StructuralEquationModels.jl
StructuralEquationModels.jl copied to clipboard
Variables/Parameters/Observations terminology & API Cleanup
As a part of #193 I already made some changes, so I wanted to get the feedback from maintainers about it. Plus, there are a few other changes in the same direction that I can integrate into #193, so I wanted to mention them here too.
-
Parameters. Sometimes they are called parameters, sometimes identifiers (in the ParTable).
I propose to change it into
param
(intuitively understandable, but still short):-
param
in the ParTable -
params()
to get the vector of parameters -
nparams()
to get the number of parameters (calledn_par()
now)
-
-
Variables. Sometimes called vars, sometimes colnames, sometimes nodes.
Observed variables are sometimes called observed, sometimes manifested.
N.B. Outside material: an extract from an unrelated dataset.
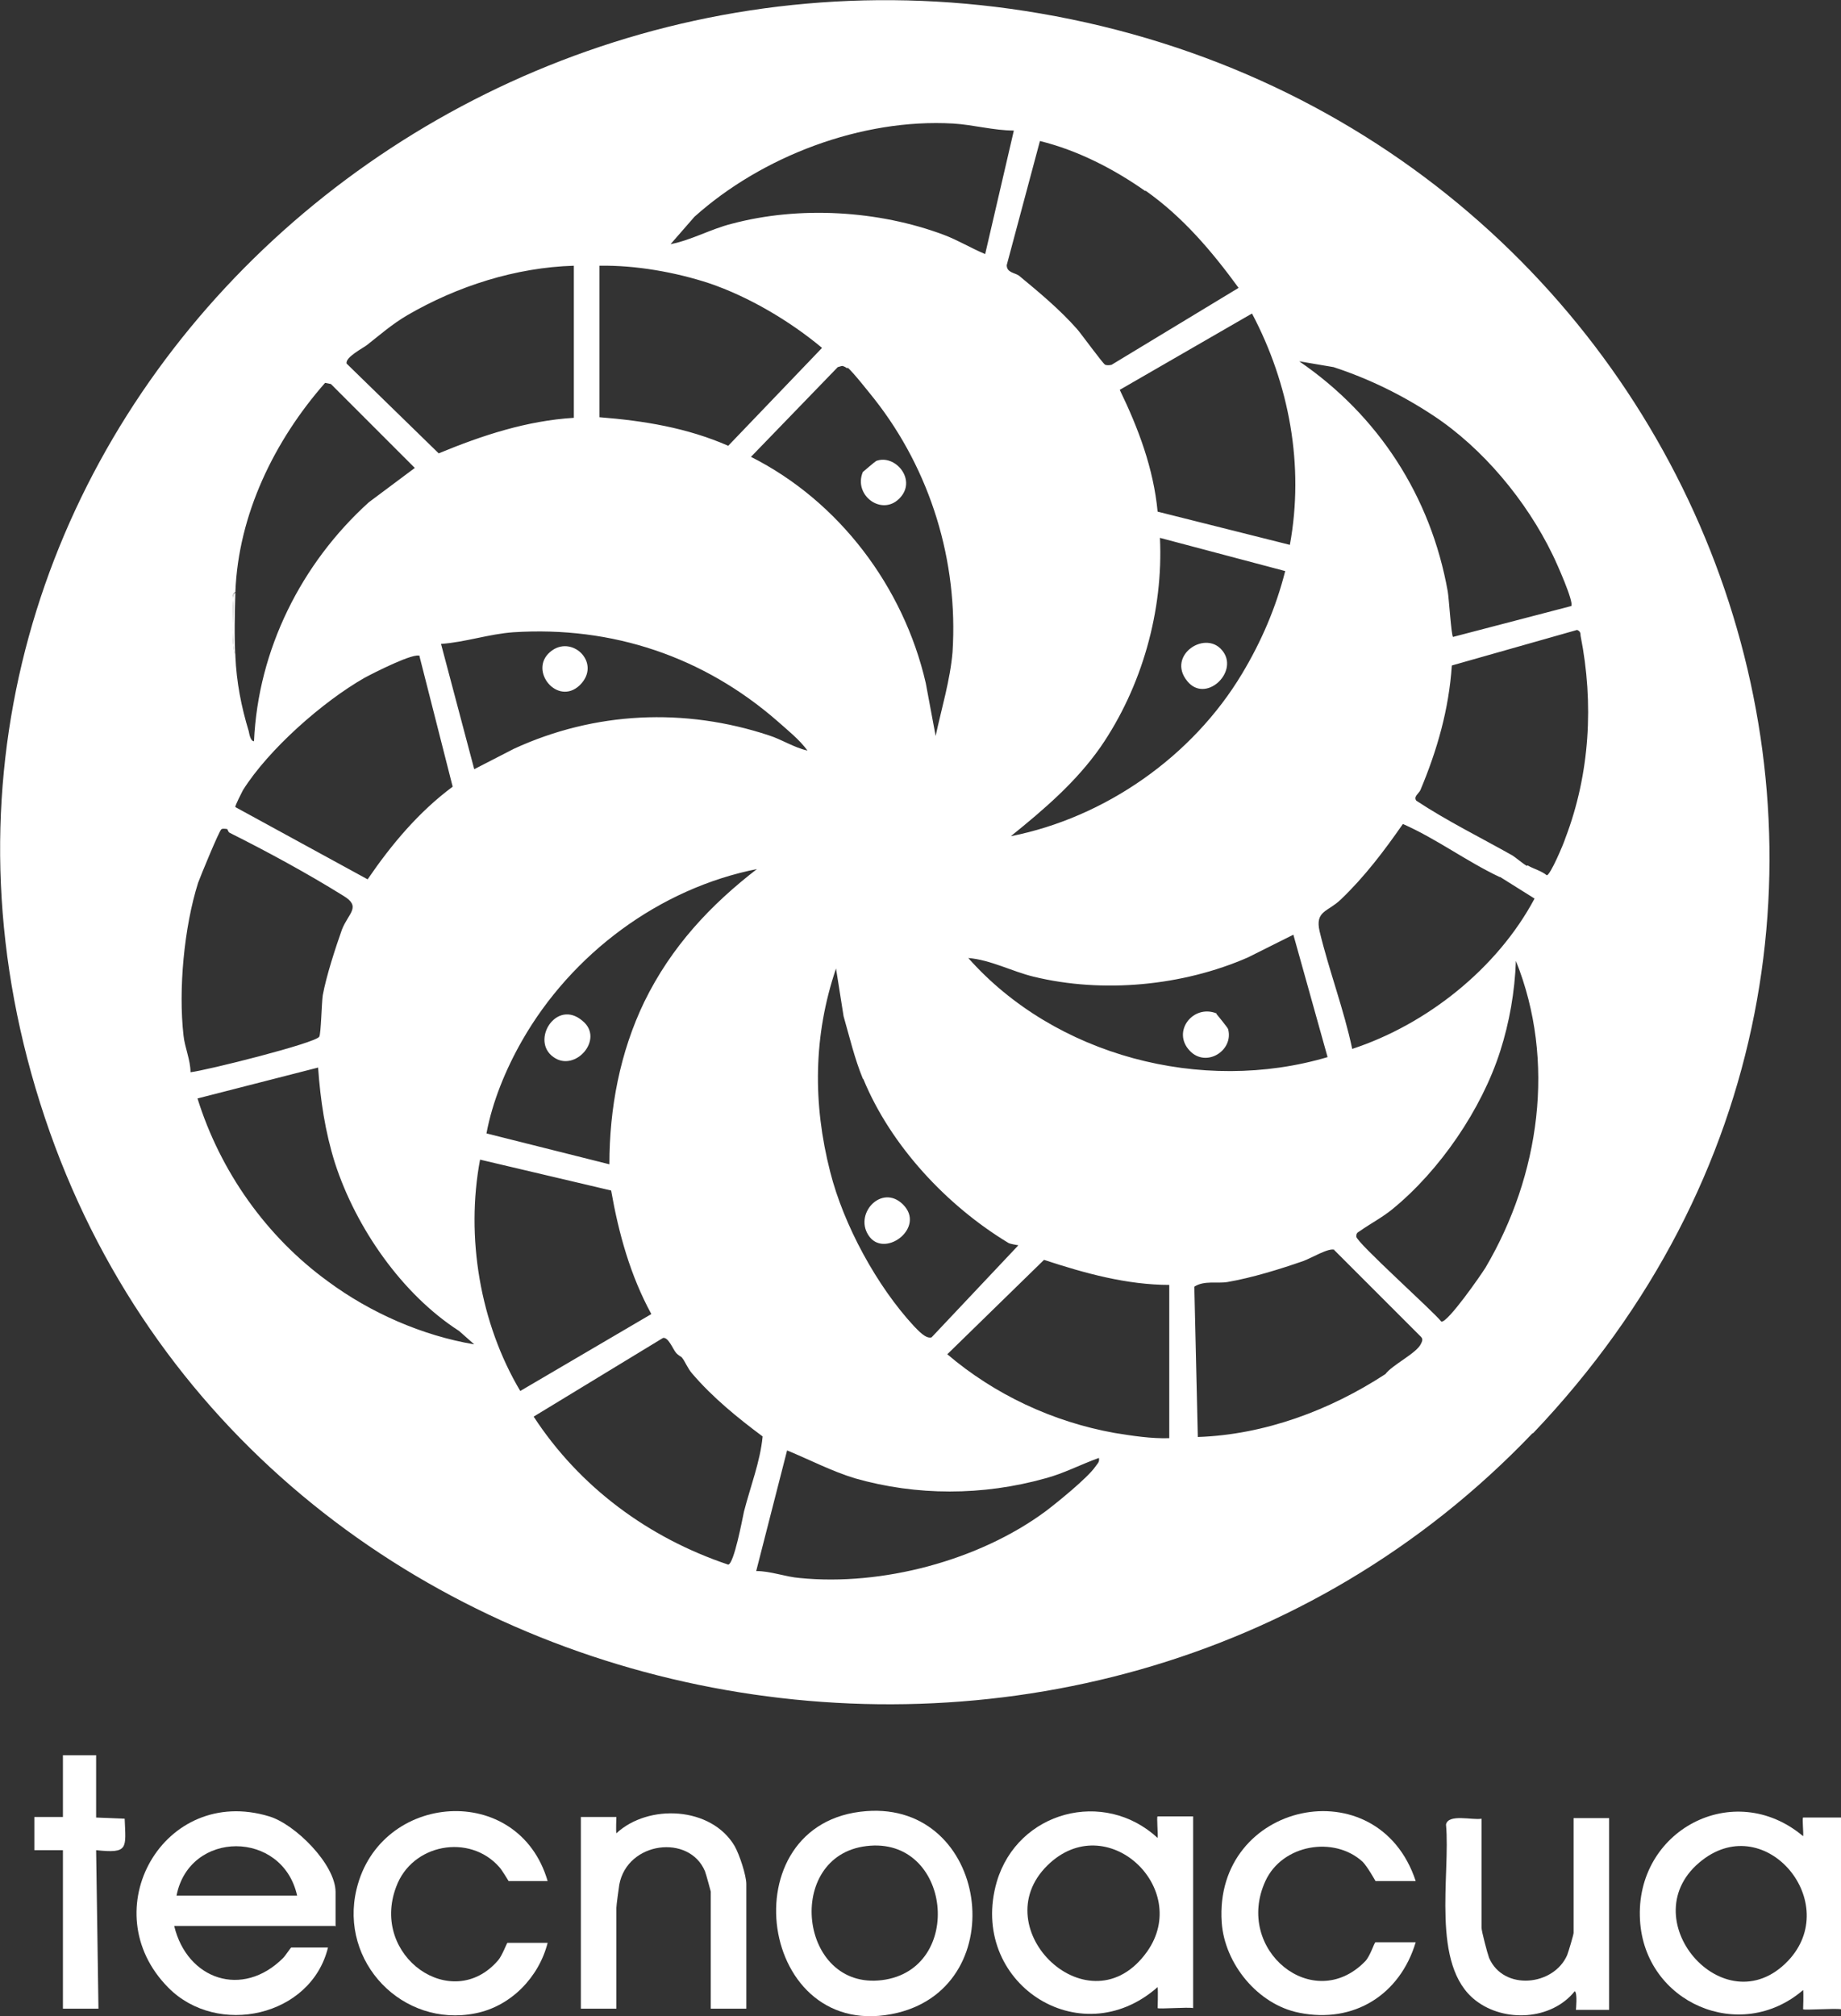 <svg xmlns="http://www.w3.org/2000/svg" id="Capa_2" data-name="Capa 2" viewBox="0 0 31.6 34.6"><rect x="0" y="0" width="31.6" height="34.6" fill="#333333" stroke="none"/><defs><style>      .cls-1 {        fill: #fefefe;      }      .cls-1, .cls-2 {        stroke-width: 0px;      }      .cls-2 {        fill: #fff;      }    </style></defs><g id="Capa_1-2" data-name="Capa 1"><g id="zHBg65"><g><path class="cls-2" d="M26.31,24.59c-7.7,8.07-21.97,5.26-25.54-5.41C-2.86,8.33,6.97-1.64,17.85.23c11.55,1.98,16.76,15.66,8.46,24.37ZM17.4,2.24c-.34,0-.7-.1-1.04-.12-1.57-.09-3.28.56-4.44,1.6l-.41.47c.36-.07.69-.26,1.05-.35,1.16-.31,2.52-.23,3.64.19.24.09.47.23.71.33l.49-2.11ZM19.66,3.28c-.54-.38-1.16-.7-1.81-.86l-.57,2.13c0,.13.14.13.21.18.35.29.7.58,1,.92.07.08.44.59.48.61.03.01.07.01.11,0l2.18-1.32c-.46-.63-.96-1.22-1.6-1.67ZM9.85,4.56c-1,.03-2,.35-2.86.85-.27.16-.46.33-.69.51-.06.05-.38.21-.35.32l1.58,1.54c.75-.31,1.51-.56,2.32-.61v-2.62ZM10.29,4.56v2.6c.76.06,1.5.18,2.21.49l1.61-1.68c-.55-.46-1.26-.88-1.94-1.11-.58-.19-1.26-.31-1.87-.3ZM21.49,5.38l-2.27,1.31c.32.66.58,1.35.65,2.09l2.27.57c.25-1.36-.01-2.76-.65-3.97ZM24.6,7.13c-.53-.35-1.1-.63-1.71-.83l-.59-.1c1.36.93,2.26,2.32,2.55,3.95.02.11.06.75.09.78l2.03-.53c.05-.07-.26-.76-.32-.88-.45-.93-1.2-1.83-2.05-2.39ZM14.54,6.32s-.05-.04-.09-.04l-.07.02-1.49,1.54c1.51.76,2.62,2.23,3,3.88l.17.91c.1-.47.25-.96.29-1.44.1-1.56-.38-3.12-1.34-4.34-.08-.1-.38-.48-.46-.54ZM4.04,11.26c.02.45.1.86.23,1.29.01.05.03.17.09.17.07-1.57.81-3.05,1.97-4.1l.79-.59-1.44-1.44-.1-.02c-.87.99-1.49,2.26-1.54,3.59-.07.04-.04.15-.04.22,0,.28-.03.61.04.87ZM22.06,9.8l-2.15-.57c.06,1.25-.31,2.56-1.02,3.59-.42.6-.97,1.07-1.54,1.53,1.62-.32,3.12-1.37,3.97-2.79.33-.55.58-1.13.74-1.76ZM26.22,14.85c.1.06.23.09.33.17.06,0,.29-.54.32-.64.42-1.1.49-2.31.26-3.47,0-.05-.01-.08-.06-.1l-2.15.61c-.05.75-.25,1.45-.54,2.14-.03.06-.12.11-.07.18.53.35,1.1.63,1.65.94.05.03.19.15.25.18ZM13.35,12.38c-1.27-1.11-2.84-1.64-4.54-1.53-.42.03-.82.17-1.24.2l.57,2.15s.6-.31.68-.35c1.39-.64,2.93-.71,4.38-.23.22.07.43.21.66.26-.14-.19-.33-.34-.51-.5ZM7.21,11.26c-.08-.08-.82.3-.95.37-.72.41-1.65,1.23-2.09,1.93-.02.04-.14.27-.13.29l2.27,1.24c.41-.6.88-1.16,1.46-1.59l-.57-2.24ZM25.74,15.05c-.57-.27-1.09-.66-1.66-.91-.32.46-.66.91-1.07,1.3-.22.21-.44.19-.36.54.16.67.42,1.35.56,2.02,1.28-.42,2.49-1.38,3.13-2.58l-.59-.37ZM3.91,14.23s-.08-.02-.11,0c-.04.03-.36.81-.4.92-.24.76-.34,1.83-.25,2.62.02.2.12.42.12.63.27-.03,2.15-.5,2.21-.61.03-.05.04-.57.06-.71.06-.33.22-.82.33-1.13.11-.28.34-.39.02-.58-.61-.38-1.31-.76-1.95-1.08-.03-.02-.03-.06-.04-.06ZM13.01,14.91c-1.69.33-3.2,1.46-4.05,2.95-.28.49-.51,1.05-.61,1.59l2.11.53c0-.96.18-1.92.6-2.79.46-.94,1.13-1.66,1.95-2.29ZM22.79,18.15l-.59-2.11-.78.39c-1.12.49-2.49.62-3.68.33-.37-.09-.74-.29-1.12-.32,1.49,1.68,4.01,2.34,6.17,1.7ZM25.5,21.75c.93-1.58,1.21-3.54.52-5.26-.02.53-.11,1.05-.27,1.55-.32,1-1.04,2.05-1.85,2.71-.17.14-.38.25-.55.37-.04.03-.07.03-.07.1,0,.1,1.32,1.28,1.46,1.46.11.02.68-.8.76-.93ZM14.81,18.51c-.14-.34-.23-.72-.33-1.07l-.13-.82c-.39,1.15-.4,2.32-.1,3.49.23.91.8,1.96,1.44,2.65.07.07.2.22.3.19l1.49-1.58c-.05-.01-.13-.02-.17-.04-1.06-.64-2.02-1.67-2.49-2.81ZM5.46,18.32l-2.07.53c.39,1.25,1.18,2.37,2.24,3.14.73.54,1.62.93,2.51,1.08l-.26-.23c-.98-.63-1.77-1.77-2.13-2.88-.17-.54-.25-1.08-.29-1.64ZM10.49,20.43l-2.25-.53c-.25,1.33,0,2.81.69,3.97l2.25-1.32c-.36-.66-.56-1.38-.69-2.12ZM22.91,21.45c-.09-.05-.42.15-.54.19-.4.14-.89.29-1.3.36-.18.03-.4-.03-.57.08l.06,2.58c1.15-.04,2.27-.46,3.22-1.08.12-.16.54-.36.61-.52.02-.04.04-.08,0-.12l-1.49-1.49ZM20.08,22.05c-.74,0-1.46-.2-2.16-.43l-1.66,1.62c.81.69,1.81,1.16,2.87,1.35.31.05.63.1.94.09v-2.64ZM11.7,23.29s-.07-.04-.1-.08c-.05-.06-.13-.27-.22-.25l-2.22,1.35c.79,1.21,1.97,2.08,3.34,2.54.1-.02.24-.77.27-.91.11-.43.28-.86.32-1.29-.43-.32-.86-.67-1.21-1.08-.08-.09-.12-.21-.18-.28ZM18.86,25.02c-.31.11-.61.27-.92.35-1.07.3-2.21.3-3.26,0-.4-.12-.78-.32-1.17-.48l-.53,2.07c.25,0,.5.1.75.12,1.41.14,3.07-.3,4.21-1.14.2-.15.73-.58.86-.77.04-.06.08-.08.06-.16Z"></path><path class="cls-2" d="M5.75,33.05h-2.76c.22.92,1.17,1.25,1.87.55.04-.04.13-.18.14-.18h.63c-.29,1.19-1.9,1.54-2.74.69-1.31-1.32-.08-3.49,1.73-2.94.44.13,1.14.82,1.14,1.3v.59ZM5.1,32.53c-.25-1.13-1.85-1.13-2.07,0h2.07Z"></path><path class="cls-2" d="M30.95,34.47s.01-.27,0-.32c-1.08.93-2.72.22-2.8-1.2-.09-1.54,1.61-2.44,2.8-1.44.01-.04-.02-.32,0-.32h.65v3.29c-.1-.02-.63.02-.65,0ZM30.69,33.65c.94-.99-.37-2.58-1.47-1.73-1.26.97.37,2.88,1.47,1.73Z"></path><path class="cls-2" d="M19.87,34.47s.01-.3,0-.37c-1.34,1.18-3.26-.09-2.76-1.81.36-1.21,1.84-1.6,2.76-.75.01-.05-.02-.37,0-.37h.61v3.29c-.09-.02-.59.02-.61,0ZM17.98,32.01c-1.11,1.09.73,2.86,1.71,1.48.77-1.09-.7-2.47-1.71-1.48Z"></path><path class="cls-2" d="M14.87,31.08c2.09-.16,2.53,2.97.54,3.46-2.4.58-2.93-3.28-.54-3.46ZM14.87,31.68c-1.41.17-1.16,2.48.27,2.3s1.19-2.48-.27-2.3Z"></path><path class="cls-2" d="M9.4,32.28h-.67s-.12-.2-.16-.24c-.51-.58-1.5-.4-1.77.34-.45,1.19.96,2.18,1.75,1.26.07-.08.15-.3.16-.3h.69c-.15.59-.63,1.09-1.24,1.21-1.25.25-2.34-.88-2.04-2.13.4-1.67,2.78-1.85,3.28-.14Z"></path><path class="cls-2" d="M24.3,32.28h-.69s-.14-.25-.22-.33c-.49-.45-1.38-.3-1.67.33-.54,1.18.82,2.29,1.71,1.38.09-.09.16-.33.18-.33h.69c-.27.9-1.06,1.4-2,1.21-.71-.14-1.28-.84-1.33-1.55-.14-2.07,2.68-2.68,3.33-.71Z"></path><path class="cls-2" d="M12.81,34.47h-.61v-2.01s-.08-.3-.1-.35c-.27-.64-1.33-.51-1.47.23-.01.07-.05.35-.05.4v1.73h-.61v-3.29h.61s-.01.25,0,.28c.55-.51,1.63-.46,2.03.22.08.14.2.5.2.65v2.13Z"></path><path class="cls-2" d="M25.43,31.19v1.89c0,.06.1.44.13.52.25.57,1.11.48,1.34-.05.02-.05.11-.35.11-.38v-1.97h.61v3.29h-.57s.03-.29-.02-.32c-.4.5-1.21.54-1.7.16-.78-.6-.43-2.16-.51-3.02.04-.19.46-.07.61-.1Z"></path><path class="cls-2" d="M1.65,30.13v1.06l.49.02c.02.51.07.6-.49.54l.04,2.72h-.61v-2.72h-.49v-.57h.49v-1.06h.57Z"></path><path class="cls-1" d="M4.04,11.26c-.07-.26-.04-.59-.04-.87,0-.07-.03-.18.04-.22-.01.35-.02.75,0,1.1Z"></path><path class="cls-2" d="M14.81,8.1s.21-.18.23-.19c.32-.12.69.31.42.62-.3.35-.82-.02-.65-.43Z"></path><path class="cls-2" d="M14.93,21.23c-.3-.38.2-.93.57-.56.39.39-.29.91-.57.56Z"></path><path class="cls-2" d="M21,11.19c.25.36-.31.88-.62.5-.37-.45.34-.91.62-.5Z"></path><path class="cls-2" d="M9.95,11.76c-.38.36-.88-.25-.51-.57s.9.19.51.57Z"></path><path class="cls-2" d="M10,17.52c.38.31-.13.89-.5.62-.4-.28.05-1.01.5-.62Z"></path><path class="cls-2" d="M20.88,17.4s.19.23.2.26c.1.37-.38.67-.66.37-.31-.33.06-.8.46-.64Z"></path></g></g></g></svg>

I propose to consolidate into vars (short, but intuitive), which could be observed (more intuitive than manifested) or latent:
-
vars()
to get the vector of variables fromParTable
,RAMMatrices
(matching the order ofA
columns) -
nvars()
to get the number of variables -
observed_vars()
to get the observed variables matching the order of rows/cols inobs_cov
and rows ofRAMMatrices.F
Alternatively, it could beobs_vars()
, which would matchobs_cov()
andobs_mean()
(ifobserved_vars
is chosen, thenobs_cov
also needs be renamed intoobserved_cov
for consistency). -
nobserved_vars()
to get the number of observed vars (replacesn_man
, which in this short form is a little bit confusing). -
latent_var_indices()
/observed_var_indices()
to get the indices ofvars()
that match the observed/latent variables (i-th index ofobserved_var_indices()
is for the i-th variable ofobserved_vars()
) -
latent_vars()
is a shortcut tovars()[latent_var_indices()]
- Also, in case of missing data, I propose to use measured/missing terms (now it uses observed/missing, but observed clashes with observed/latent), and nmeasured_vars()/nmissing_vars() to get their counts
-
-
Observations. Also referred to as rows. To disambiguate from observed_vars, I propose to refer to as samples (row is confusing because SEM operates with so many matrices).
-
samples
to access to the individual samples (sometimes referred to asrows
orrowwise
). -
nsamples()
is the number of samples (n_obs()
now)
-
-
Relations (between the variables, i.e.
<-
or<->
). Now theParTable
have the inparam_type
column, which is confusing, because sometimes it is constant.